ConocoPhillips, BP and Exxon Mobil Corp., who run those giant fields would have been left out. Industry trade groups and Parnell, who used to work for Conoco as director of government relations, did not support the bill, which died in the state House.

Gottstein likened Parnell's stance to a "craps table in Las Vegas." The governor's bill, he said, will force Alaskans to "claw our way back to break even," if it ever will.

It won't happen, however, he said, if the state acts with strength and with a backbone, notwithstanding the attacks that are bound to come from the oil industry and the "massive effort by oil to sway the upcoming elections," Gottstein said.

Bill Walker, a lawyer who has long been involved in oil and gas issues, said that if Hickel were alive, "he'd be right in the middle of this."

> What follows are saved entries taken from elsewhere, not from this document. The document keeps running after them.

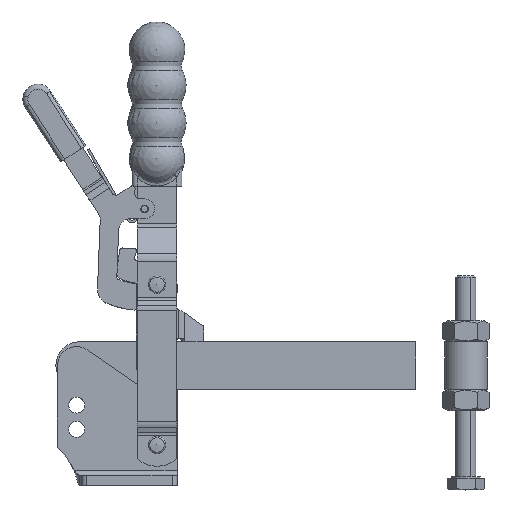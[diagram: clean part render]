
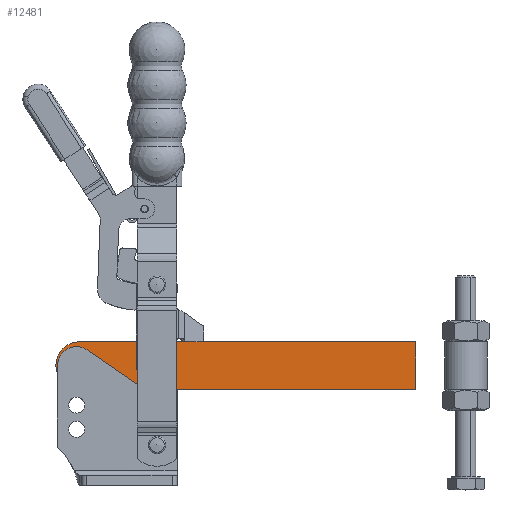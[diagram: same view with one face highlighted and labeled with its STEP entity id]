
A CAD part, top view. The second image highlights one B-rep face of the part: STEP entity #12481.
In plain terms, the highlighted planar face has unit normal (0, 0, 1).
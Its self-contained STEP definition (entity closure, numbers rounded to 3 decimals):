
#12304=CARTESIAN_POINT('',(-21.621,56.386,0.));
#12305=VERTEX_POINT('',#12304);
#12314=CARTESIAN_POINT('',(-21.62,56.341,0.));
#12315=VERTEX_POINT('',#12314);
#12316=CARTESIAN_POINT('',(-18.446,56.386,0.));
#12317=DIRECTION('',(0.,0.,-1.0));
#12318=DIRECTION('',(1.,0.014,0.));
#12319=AXIS2_PLACEMENT_3D('',#12316,#12317,#12318);
#12320=CIRCLE('',#12319,3.175);
#12321=EDGE_CURVE('',#12315,#12305,#12320,.T.);
#12323=CARTESIAN_POINT('',(-15.271,56.386,0.));
#12324=VERTEX_POINT('',#12323);
#12325=CARTESIAN_POINT('',(-18.446,56.386,0.));
#12326=DIRECTION('',(0.,0.,-1.0));
#12327=DIRECTION('',(1.,0.014,0.));
#12328=AXIS2_PLACEMENT_3D('',#12325,#12326,#12327);
#12329=CIRCLE('',#12328,3.175);
#12330=EDGE_CURVE('',#12324,#12315,#12329,.T.);
#12364=CARTESIAN_POINT('',(13.612,59.997,0.));
#12365=VERTEX_POINT('',#12364);
#12374=CARTESIAN_POINT('',(10.127,56.793,0.));
#12375=VERTEX_POINT('',#12374);
#12376=CARTESIAN_POINT('',(13.301,56.838,0.));
#12377=DIRECTION('',(0.,0.,-1.0));
#12378=DIRECTION('',(1.,0.014,0.));
#12379=AXIS2_PLACEMENT_3D('',#12376,#12377,#12378);
#12380=CIRCLE('',#12379,3.175);
#12381=EDGE_CURVE('',#12375,#12365,#12380,.T.);
#12383=CARTESIAN_POINT('',(12.99,53.678,0.));
#12384=VERTEX_POINT('',#12383);
#12385=CARTESIAN_POINT('',(13.301,56.838,0.));
#12386=DIRECTION('',(0.,0.,-1.0));
#12387=DIRECTION('',(1.,0.014,0.));
#12388=AXIS2_PLACEMENT_3D('',#12385,#12386,#12387);
#12389=CIRCLE('',#12388,3.175);
#12390=EDGE_CURVE('',#12384,#12375,#12389,.T.);
#12419=CARTESIAN_POINT('',(-18.446,56.386,0.));
#12420=DIRECTION('',(0.0,0.0,-1.0));
#12421=DIRECTION('',(-1.0,0.0,0.0));
#12422=AXIS2_PLACEMENT_3D('',#12419,#12420,#12421);
#12423=PLANE('',#12422);
#12424=CARTESIAN_POINT('',(116.676,48.806,0.));
#12425=VERTEX_POINT('',#12424);
#12426=CARTESIAN_POINT('',(-17.011,46.906,0.));
#12427=VERTEX_POINT('',#12426);
#12428=CARTESIAN_POINT('',(116.676,48.806,0.));
#12429=DIRECTION('',(-1.,-0.014,0.));
#12430=VECTOR('',#12429,133.7);
#12431=LINE('',#12428,#12430);
#12432=EDGE_CURVE('',#12425,#12427,#12431,.T.);
#12433=ORIENTED_EDGE('',*,*,#12432,.F.);
#12434=CARTESIAN_POINT('',(116.406,67.805,0.));
#12435=VERTEX_POINT('',#12434);
#12436=CARTESIAN_POINT('',(116.406,67.805,0.));
#12437=DIRECTION('',(0.014,-1.,0.0));
#12438=VECTOR('',#12437,19.);
#12439=LINE('',#12436,#12438);
#12440=EDGE_CURVE('',#12435,#12425,#12439,.T.);
#12441=ORIENTED_EDGE('',*,*,#12440,.F.);
#12442=CARTESIAN_POINT('',(-17.281,65.904,0.));
#12443=VERTEX_POINT('',#12442);
#12444=CARTESIAN_POINT('',(-17.281,65.904,0.));
#12445=DIRECTION('',(1.,0.014,0.));
#12446=VECTOR('',#12445,133.7);
#12447=LINE('',#12444,#12446);
#12448=EDGE_CURVE('',#12443,#12435,#12447,.T.);
#12449=ORIENTED_EDGE('',*,*,#12448,.F.);
#12450=CARTESIAN_POINT('',(-17.146,56.405,0.));
#12451=DIRECTION('',(0.,0.,-1.));
#12452=DIRECTION('',(-0.014,1.,0.));
#12453=AXIS2_PLACEMENT_3D('',#12450,#12451,#12452);
#12454=CIRCLE('',#12453,9.5);
#12455=EDGE_CURVE('',#12427,#12443,#12454,.T.);
#12456=ORIENTED_EDGE('',*,*,#12455,.F.);
#12457=EDGE_LOOP('',(#12433,#12441,#12449,#12456));
#12458=FACE_OUTER_BOUND('',#12457,.T.);
#12459=ORIENTED_EDGE('',*,*,#12321,.T.);
#12460=CARTESIAN_POINT('',(-18.446,56.386,0.));
#12461=DIRECTION('',(0.,0.,-1.0));
#12462=DIRECTION('',(1.,0.014,0.));
#12463=AXIS2_PLACEMENT_3D('',#12460,#12461,#12462);
#12464=CIRCLE('',#12463,3.175);
#12465=EDGE_CURVE('',#12305,#12324,#12464,.T.);
#12466=ORIENTED_EDGE('',*,*,#12465,.T.);
#12467=ORIENTED_EDGE('',*,*,#12330,.T.);
#12468=EDGE_LOOP('',(#12459,#12466,#12467));
#12469=FACE_BOUND('',#12468,.T.);
#12470=ORIENTED_EDGE('',*,*,#12381,.T.);
#12471=CARTESIAN_POINT('',(13.301,56.838,0.));
#12472=DIRECTION('',(0.,0.,-1.0));
#12473=DIRECTION('',(1.,0.014,0.));
#12474=AXIS2_PLACEMENT_3D('',#12471,#12472,#12473);
#12475=CIRCLE('',#12474,3.175);
#12476=EDGE_CURVE('',#12365,#12384,#12475,.T.);
#12477=ORIENTED_EDGE('',*,*,#12476,.T.);
#12478=ORIENTED_EDGE('',*,*,#12390,.T.);
#12479=EDGE_LOOP('',(#12470,#12477,#12478));
#12480=FACE_BOUND('',#12479,.T.);
#12481=ADVANCED_FACE('',(#12458,#12469,#12480),#12423,.F.);
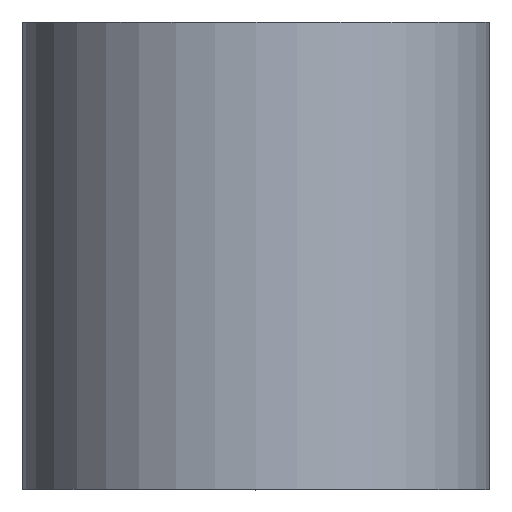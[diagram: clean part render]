
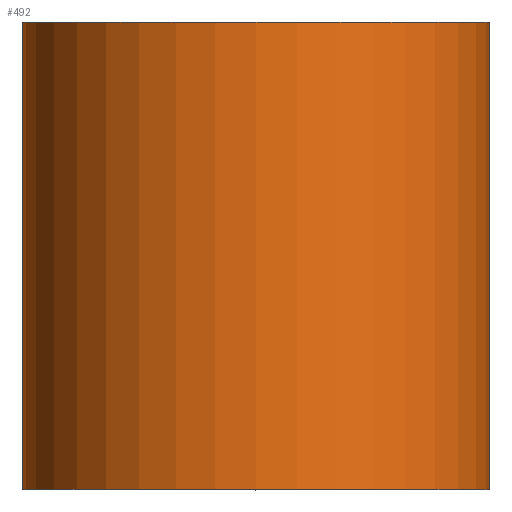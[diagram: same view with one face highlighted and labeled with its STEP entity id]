
A CAD part, top view. The second image highlights one B-rep face of the part: STEP entity #492.
In plain terms, the highlighted cylindrical face has radius 5 mm (diameter 10 mm), a partial arc.
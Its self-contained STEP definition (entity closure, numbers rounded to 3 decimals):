
#336=EDGE_CURVE('',#610,#498,#770,.T.);
#492=ADVANCED_FACE('',(#954),#955,.T.);
#498=VERTEX_POINT('',#961);
#530=VERTEX_POINT('',#996);
#532=EDGE_CURVE('',#624,#498,#998,.T.);
#534=EDGE_CURVE('',#624,#530,#1000,.T.);
#586=EDGE_CURVE('',#610,#530,#1055,.T.);
#610=VERTEX_POINT('',#1083);
#624=VERTEX_POINT('',#1102);
#770=CIRCLE('',#1276,5.0);
#954=FACE_OUTER_BOUND('',#1507,.T.);
#955=CYLINDRICAL_SURFACE('',#1508,5.0);
#961=CARTESIAN_POINT('',(-5.0,0.0,0.));
#996=CARTESIAN_POINT('',(5.0,10.0,0.0));
#998=LINE('',#1564,#1565);
#1000=CIRCLE('',#1568,5.0);
#1055=LINE('',#1643,#1644);
#1083=CARTESIAN_POINT('',(5.0,0.0,0.0));
#1102=CARTESIAN_POINT('',(-5.0,10.0,0.));
#1276=AXIS2_PLACEMENT_3D('',#1860,#1861,#1862);
#1507=EDGE_LOOP('',(#2115,#2116,#2117,#2118));
#1508=AXIS2_PLACEMENT_3D('',#2119,#2120,#2121);
#1564=CARTESIAN_POINT('',(-5.0,5.0,0.));
#1565=VECTOR('',#2149,1.0);
#1568=AXIS2_PLACEMENT_3D('',#2150,#2151,#2152);
#1643=CARTESIAN_POINT('',(5.0,5.0,0.));
#1644=VECTOR('',#2203,1.0);
#1860=CARTESIAN_POINT('',(0.0,0.0,0.0));
#1861=DIRECTION('',(0.0,-1.0,0.0));
#1862=DIRECTION('',(1.0,0.0,0.0));
#2115=ORIENTED_EDGE('',*,*,#586,.T.);
#2116=ORIENTED_EDGE('',*,*,#534,.F.);
#2117=ORIENTED_EDGE('',*,*,#532,.T.);
#2118=ORIENTED_EDGE('',*,*,#336,.F.);
#2119=CARTESIAN_POINT('',(0.0,5.0,0.0));
#2120=DIRECTION('',(0.0,-1.0,-0.0));
#2121=DIRECTION('',(1.0,0.0,0.0));
#2149=DIRECTION('',(-0.0,-1.0,-0.0));
#2150=CARTESIAN_POINT('',(0.0,10.0,0.0));
#2151=DIRECTION('',(-0.0,1.0,0.0));
#2152=DIRECTION('',(1.0,0.0,0.0));
#2203=DIRECTION('',(0.0,1.0,0.0));
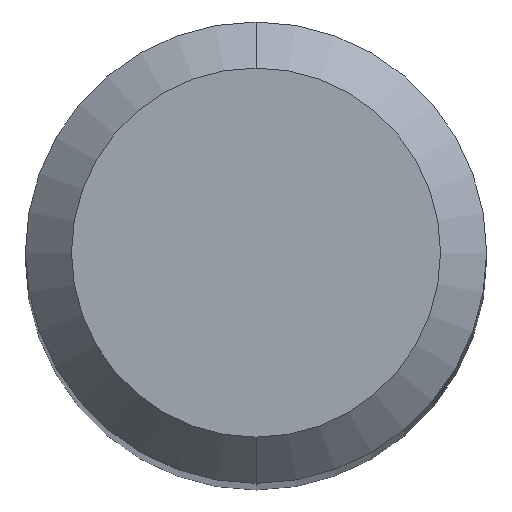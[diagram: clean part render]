
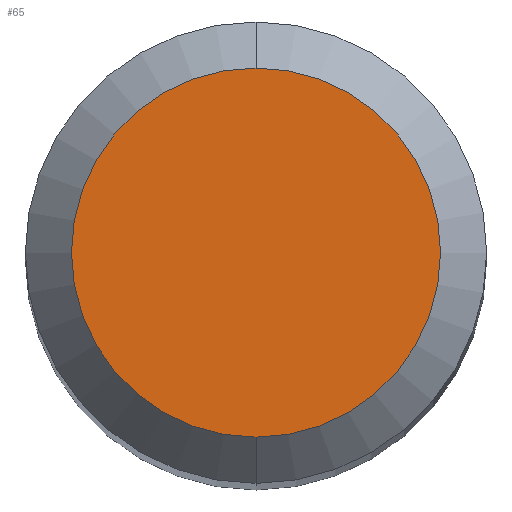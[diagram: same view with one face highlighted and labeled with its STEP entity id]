
A CAD part, top view. The second image highlights one B-rep face of the part: STEP entity #65.
In plain terms, the highlighted planar face has unit normal (0, 0, 1).
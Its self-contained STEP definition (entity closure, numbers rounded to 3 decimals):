
#51=PLANE('',#342);
#65=ADVANCED_FACE('',(#84),#51,.F.);
#84=FACE_OUTER_BOUND('',#99,.T.);
#99=EDGE_LOOP('',(#160,#161));
#112=CIRCLE('',#338,2.4);
#113=CIRCLE('',#340,2.4);
#160=ORIENTED_EDGE('',*,*,#200,.F.);
#161=ORIENTED_EDGE('',*,*,#198,.F.);
#175=VERTEX_POINT('',#496);
#176=VERTEX_POINT('',#498);
#198=EDGE_CURVE('',#175,#176,#112,.T.);
#200=EDGE_CURVE('',#176,#175,#113,.T.);
#338=AXIS2_PLACEMENT_3D('',#497,#424,#425);
#340=AXIS2_PLACEMENT_3D('',#501,#429,#430);
#342=AXIS2_PLACEMENT_3D('',#503,#433,#434);
#424=DIRECTION('',(0.,0.,-1.));
#425=DIRECTION('',(0.,-1.,0.));
#429=DIRECTION('',(0.,0.,-1.));
#430=DIRECTION('',(0.,1.,0.));
#433=DIRECTION('',(0.,0.,-1.));
#434=DIRECTION('',(0.,1.,0.));
#496=CARTESIAN_POINT('',(0.,-2.4,118.874));
#497=CARTESIAN_POINT('',(0.,0.,118.874));
#498=CARTESIAN_POINT('',(0.,2.4,118.874));
#501=CARTESIAN_POINT('',(0.,0.,118.874));
#503=CARTESIAN_POINT('',(0.,0.,118.874));
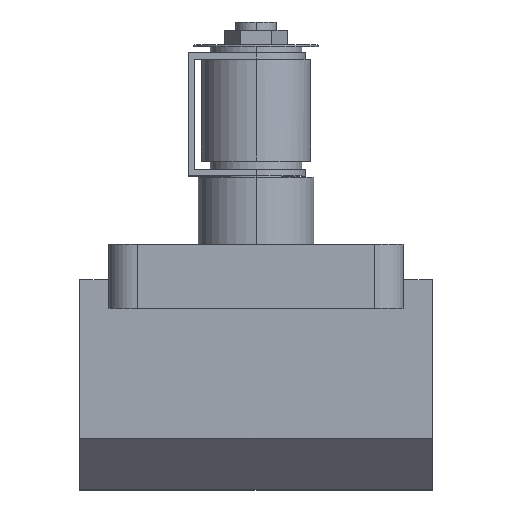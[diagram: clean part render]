
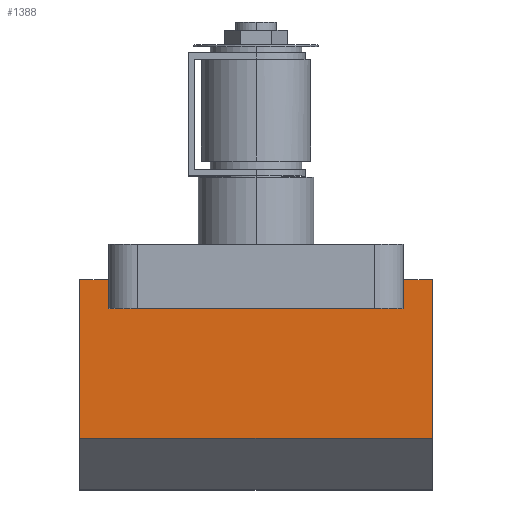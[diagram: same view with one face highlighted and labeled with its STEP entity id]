
A CAD part, top view. The second image highlights one B-rep face of the part: STEP entity #1388.
In plain terms, the highlighted planar face has unit normal (0, 0, 1).
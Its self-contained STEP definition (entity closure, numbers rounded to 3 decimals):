
#102 = CARTESIAN_POINT ( 'NONE',  ( -55., -24.8, 27.5 ) ) ;
#124 = EDGE_CURVE ( 'NONE', #1987, #2080, #707, .T. ) ;
#151 = DIRECTION ( 'NONE',  ( 0., -1., 0. ) ) ;
#173 = CARTESIAN_POINT ( 'NONE',  ( -46., -24.8, 27.5 ) ) ;
#207 = VECTOR ( 'NONE', #1387, 1000. ) ;
#211 = AXIS2_PLACEMENT_3D ( 'NONE', #636, #1821, #2170 ) ;
#230 = ORIENTED_EDGE ( 'NONE', *, *, #710, .T. ) ;
#262 = VECTOR ( 'NONE', #1855, 1000. ) ;
#311 = VERTEX_POINT ( 'NONE', #102 ) ;
#314 = EDGE_CURVE ( 'NONE', #1038, #1630, #1631, .T. ) ;
#339 = CARTESIAN_POINT ( 'NONE',  ( -55., -74.3, 27.5 ) ) ;
#351 = DIRECTION ( 'NONE',  ( 0., -1., 0. ) ) ;
#384 = DIRECTION ( 'NONE',  ( -1., 0., 0. ) ) ;
#415 = VERTEX_POINT ( 'NONE', #1421 ) ;
#513 = LINE ( 'NONE', #824, #604 ) ;
#602 = EDGE_LOOP ( 'NONE', ( #2102, #230, #2108, #1098, #1314, #1151, #2015, #1136 ) ) ;
#604 = VECTOR ( 'NONE', #151, 1000. ) ;
#636 = CARTESIAN_POINT ( 'NONE',  ( 55., -24.8, 27.5 ) ) ;
#640 = CARTESIAN_POINT ( 'NONE',  ( 46., -33.8, 27.5 ) ) ;
#673 = LINE ( 'NONE', #1844, #1489 ) ;
#707 = LINE ( 'NONE', #1867, #1684 ) ;
#709 = VERTEX_POINT ( 'NONE', #1157 ) ;
#710 = EDGE_CURVE ( 'NONE', #1987, #311, #1567, .T. ) ;
#803 = PLANE ( 'NONE',  #211 ) ;
#824 = CARTESIAN_POINT ( 'NONE',  ( 55., -24.8, 27.5 ) ) ;
#828 = CARTESIAN_POINT ( 'NONE',  ( 46., -24.8, 27.5 ) ) ;
#847 = VECTOR ( 'NONE', #1665, 1000. ) ;
#851 = LINE ( 'NONE', #1519, #1443 ) ;
#962 = CARTESIAN_POINT ( 'NONE',  ( 46., -33.8, 27.5 ) ) ;
#1005 = EDGE_CURVE ( 'NONE', #2080, #1038, #1964, .T. ) ;
#1038 = VERTEX_POINT ( 'NONE', #1302 ) ;
#1045 = VECTOR ( 'NONE', #384, 1000. ) ;
#1098 = ORIENTED_EDGE ( 'NONE', *, *, #1948, .F. ) ;
#1136 = ORIENTED_EDGE ( 'NONE', *, *, #1005, .F. ) ;
#1151 = ORIENTED_EDGE ( 'NONE', *, *, #1583, .T. ) ;
#1157 = CARTESIAN_POINT ( 'NONE',  ( 55., -24.8, 27.5 ) ) ;
#1230 = CARTESIAN_POINT ( 'NONE',  ( 55., -24.8, 27.5 ) ) ;
#1241 = CARTESIAN_POINT ( 'NONE',  ( -55., -24.8, 27.5 ) ) ;
#1302 = CARTESIAN_POINT ( 'NONE',  ( 46., -33.8, 27.5 ) ) ;
#1314 = ORIENTED_EDGE ( 'NONE', *, *, #1979, .F. ) ;
#1387 = DIRECTION ( 'NONE',  ( 0., -1., 0. ) ) ;
#1388 = ADVANCED_FACE ( 'NONE', ( #1474 ), #803, .F. ) ;
#1421 = CARTESIAN_POINT ( 'NONE',  ( 55., -74.3, 27.5 ) ) ;
#1443 = VECTOR ( 'NONE', #1668, 1000. ) ;
#1474 = FACE_OUTER_BOUND ( 'NONE', #602, .T. ) ;
#1489 = VECTOR ( 'NONE', #1498, 1000. ) ;
#1498 = DIRECTION ( 'NONE',  ( -1., 0., 0. ) ) ;
#1519 = CARTESIAN_POINT ( 'NONE',  ( 55., -74.3, 27.5 ) ) ;
#1567 = LINE ( 'NONE', #1230, #1045 ) ;
#1583 = EDGE_CURVE ( 'NONE', #709, #1630, #673, .T. ) ;
#1630 = VERTEX_POINT ( 'NONE', #828 ) ;
#1631 = LINE ( 'NONE', #640, #262 ) ;
#1665 = DIRECTION ( 'NONE',  ( 1., 0., 0. ) ) ;
#1668 = DIRECTION ( 'NONE',  ( -1., 0., 0. ) ) ;
#1684 = VECTOR ( 'NONE', #351, 1000. ) ;
#1726 = LINE ( 'NONE', #1241, #207 ) ;
#1735 = EDGE_CURVE ( 'NONE', #311, #1934, #1726, .T. ) ;
#1821 = DIRECTION ( 'NONE',  ( 0., 0., -1. ) ) ;
#1844 = CARTESIAN_POINT ( 'NONE',  ( 55., -24.8, 27.5 ) ) ;
#1855 = DIRECTION ( 'NONE',  ( 0., 1., 0. ) ) ;
#1867 = CARTESIAN_POINT ( 'NONE',  ( -46., -33.8, 27.5 ) ) ;
#1934 = VERTEX_POINT ( 'NONE', #339 ) ;
#1948 = EDGE_CURVE ( 'NONE', #415, #1934, #851, .T. ) ;
#1964 = LINE ( 'NONE', #962, #847 ) ;
#1979 = EDGE_CURVE ( 'NONE', #709, #415, #513, .T. ) ;
#1987 = VERTEX_POINT ( 'NONE', #173 ) ;
#2015 = ORIENTED_EDGE ( 'NONE', *, *, #314, .F. ) ;
#2080 = VERTEX_POINT ( 'NONE', #2149 ) ;
#2102 = ORIENTED_EDGE ( 'NONE', *, *, #124, .F. ) ;
#2108 = ORIENTED_EDGE ( 'NONE', *, *, #1735, .T. ) ;
#2149 = CARTESIAN_POINT ( 'NONE',  ( -46., -33.8, 27.5 ) ) ;
#2170 = DIRECTION ( 'NONE',  ( 0., 1., 0. ) ) ;

"Look how far we've come from 'you drill or we will,'" Walker said, invoking one of many of Hickel's famous lines.

Why no credit for Palin?

When a reporter asked the group why nobody mentioned Palin, who upon taking office immediately hiked taxes on industry, saying that Alaska was finally getting its "fair share," Gottstein said that Palin hasn't been active in Alaska politics.

"We don't know how to get in touch with her," Gottstein said.

However, John Reeves, who owns Fairbanks Gold and traveled from that Interior city to support Backbone, said that Palin should have been mentioned. "They should give credit where credit's due," he said.

The group doesn't plan on endorsing any candidates, or forming an official political group. Instead, it's counting on grassroots support.